Monday 15 January 2024

Strategy: Jan 2024

The market has sort of moved sideways in the first 2 weeks of January with a slight downward bias. Its a good time to continue regular DCA of ETFs and I have done so.

I decided to add more Vodafone to my holdings while at the same time knowing its a risky bet. My Vodafone holdings are in the red as the price have really crashed. I suspect that companies with high debt when interest rates are rising fell out of favour with investors. It works the other way as Comfort Delgro, with its nett cash balance, has performed admirably.

At the same time, steps have been taken to lower Vodafone's debt pile and dividends are still flowing (and covered by revenue). I think the upside is more than the downside, especially with rate hike pauses and even cuts on the way (I'm not betting on the latter but the former is pretty certain).

China is highly uncertain, but since I have an overweight exposure to China/HK and I'm doing small FSMOne RSP each month, I am not making any big moves to change my China/HK exposure.
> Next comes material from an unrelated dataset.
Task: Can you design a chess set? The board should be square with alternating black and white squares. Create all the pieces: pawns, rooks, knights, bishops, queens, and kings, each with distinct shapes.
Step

However, I should still stick to my resolution to mainly DCA World ETFs. It is getting harder to do so with the US (being 50%+ of World Indices) outperforming UK, Europe, Australia, China (i.e. almost everyone else) in 2023. But history has told us not to write off the US, so I will definitely still be buying, but perhaps not as aggressively as I did in 2023 when prices were still pretty ok. 




Tuesday 2 January 2024

Reflections on $15k passive income

 Passive income is quite literally money that appears in your account automatically. You don't have to do anything for the money to appear. While there are many different strategies and ways to Financial Independence, I consider myself financially independent when passive income > current standard of living.  
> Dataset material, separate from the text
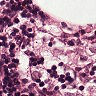
Metastatic tissue present: no

To me, this is an easy to understand idea which is one reason why I have adopted it. There are small details such as whether there needs to be a margin of safety (my view is that only lean FIRE might require such a margin, other forms of FIRE have discretionary expenditure such as holidays that can be cut in years when passive income is reduced). 
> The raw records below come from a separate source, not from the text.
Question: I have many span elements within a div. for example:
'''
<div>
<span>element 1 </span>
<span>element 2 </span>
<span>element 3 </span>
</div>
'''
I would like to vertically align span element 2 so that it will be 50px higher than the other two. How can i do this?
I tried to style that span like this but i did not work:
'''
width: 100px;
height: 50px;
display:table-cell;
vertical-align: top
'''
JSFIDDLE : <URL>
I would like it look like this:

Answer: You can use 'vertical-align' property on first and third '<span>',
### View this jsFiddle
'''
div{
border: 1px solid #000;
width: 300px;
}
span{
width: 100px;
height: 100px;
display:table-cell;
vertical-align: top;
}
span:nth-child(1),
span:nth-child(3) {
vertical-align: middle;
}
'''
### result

In 2023, I was fortunate to receive $15k passive income. Furthermore, the increase in my passive income was higher than inflation so that is one issue sorted out. While a lot of people talk about lifestyle inflation, I did not feel the urge to 'inflate' my lifestyle further. Instead I hope to continue to reinvest any extra free cash flow in order to generate more passive income.

My 2024 target will be to grow my passive income by 15%. The reason for a more modest target is that I have been putting a fair bit of money into fixed income including T-bills, where the S$ yield is in the modest 3-4% range. I will be getting the 'interest' on these investments in 2024, and obviously the return (and risk) will not be as high as equities.